Claramente hay dos tipos de personas: aquellas que lo controlan y aquellas que no. Así de simple. Pues tenerlo lo tenemos todos. La cuestión es saber detectarlo, observarlo y saber hacer de él un buen consejero y no un buen dictador.

El autismo crece y se hace enorme tomando batidos de miedo que reparte a diestro y siniestro entre padres, docentes, profesionales, políticos y en la población en general.

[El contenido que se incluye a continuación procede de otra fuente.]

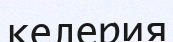
келерия
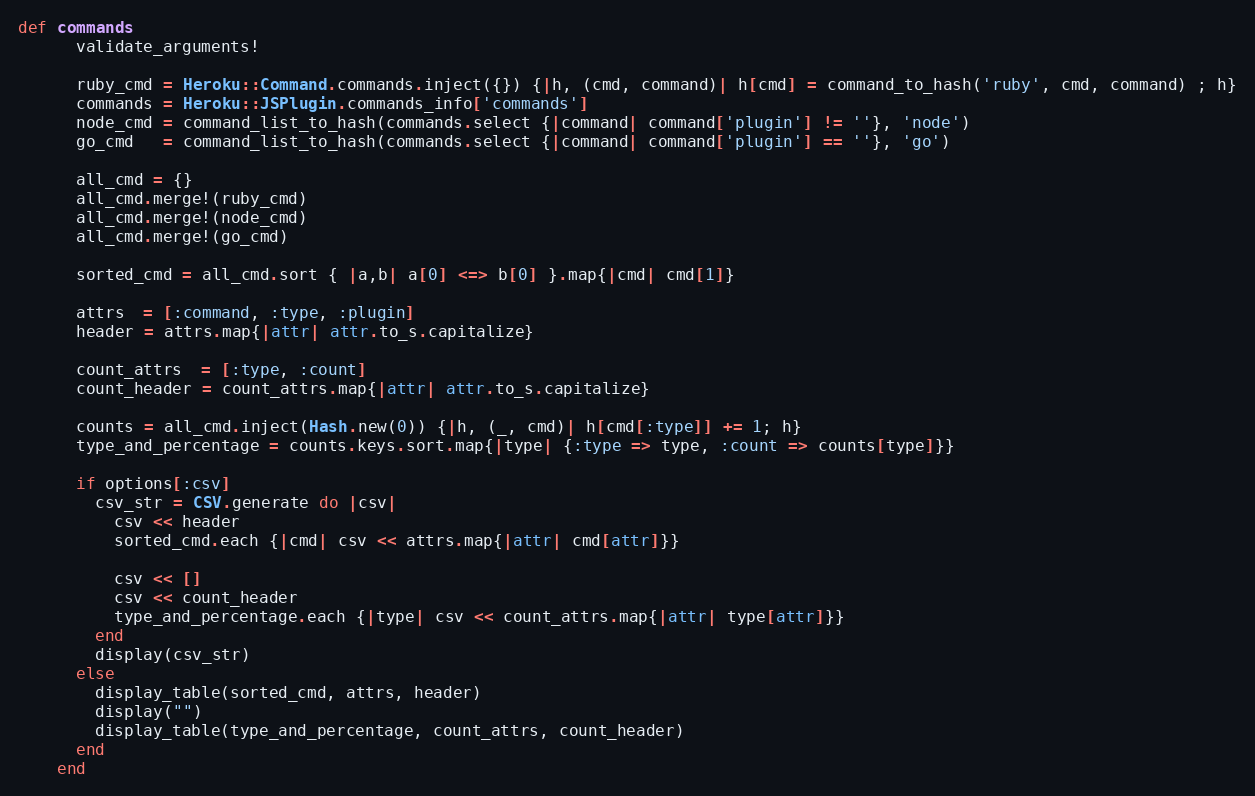
Language: Ruby
def commands
      validate_arguments!

      ruby_cmd = Heroku::Command.commands.inject({}) {|h, (cmd, command)| h[cmd] = command_to_hash('ruby', cmd, command) ; h}
      commands = Heroku::JSPlugin.commands_info['commands']
      node_cmd = command_list_to_hash(commands.select {|command| command['plugin'] != ''}, 'node')
      go_cmd   = command_list_to_hash(commands.select {|command| command['plugin'] == ''}, 'go')

      all_cmd = {}
      all_cmd.merge!(ruby_cmd)
      all_cmd.merge!(node_cmd)
      all_cmd.merge!(go_cmd)

      sorted_cmd = all_cmd.sort { |a,b| a[0] <=> b[0] }.map{|cmd| cmd[1]}

      attrs  = [:command, :type, :plugin]
      header = attrs.map{|attr| attr.to_s.capitalize}

      count_attrs  = [:type, :count]
      count_header = count_attrs.map{|attr| attr.to_s.capitalize}

      counts = all_cmd.inject(Hash.new(0)) {|h, (_, cmd)| h[cmd[:type]] += 1; h}
      type_and_percentage = counts.keys.sort.map{|type| {:type => type, :count => counts[type]}}

      if options[:csv]
        csv_str = CSV.generate do |csv|
          csv << header
          sorted_cmd.each {|cmd| csv << attrs.map{|attr| cmd[attr]}}

          csv << []
          csv << count_header
          type_and_percentage.each {|type| csv << count_attrs.map{|attr| type[attr]}}
        end
        display(csv_str)
      else
        display_table(sorted_cmd, attrs, header)
        display("")
        display_table(type_and_percentage, count_attrs, count_header)
      end
    end

¡Al autismo le tenemos miedo! Le tengo miedo yo y tú.

¡Y es humano! Pero hay que saber controlarlo. El miedo que de por si es capaz de hacerse hueco en tu mente a base de meter los codos y desplazar otras emociones como la alegría, la pasión o el amor, se hace casi ingobernable cuando se pone el traje de la DESINFORMACIÓN y camina por el territorio de lo que para ti es desconocido. Ante un hecho sobre el que no estás informado y no sabes nada de él, el miedo te asalta por la espalda tumbándote en el primer asalto por K.O.

Ante el autismo, sólo queda información. Queda que te formes, que empieces a entender cómo la persona con autismo se comunica, cómo expresa sus emociones y cuáles son los motivos principales que mueven sus comportamientos que a veces rompen la normalidad a la que todos estamos acostumbrados.

Otro hecho donde el miedo surfea con magistral maestría es en las olas del cambio de rol. Cuando se produce en el ser humano un cambio de rol para el que no estabas preparado, el miedo aparece con su tabla de surf, con su bañador y con su cara bien bronceada.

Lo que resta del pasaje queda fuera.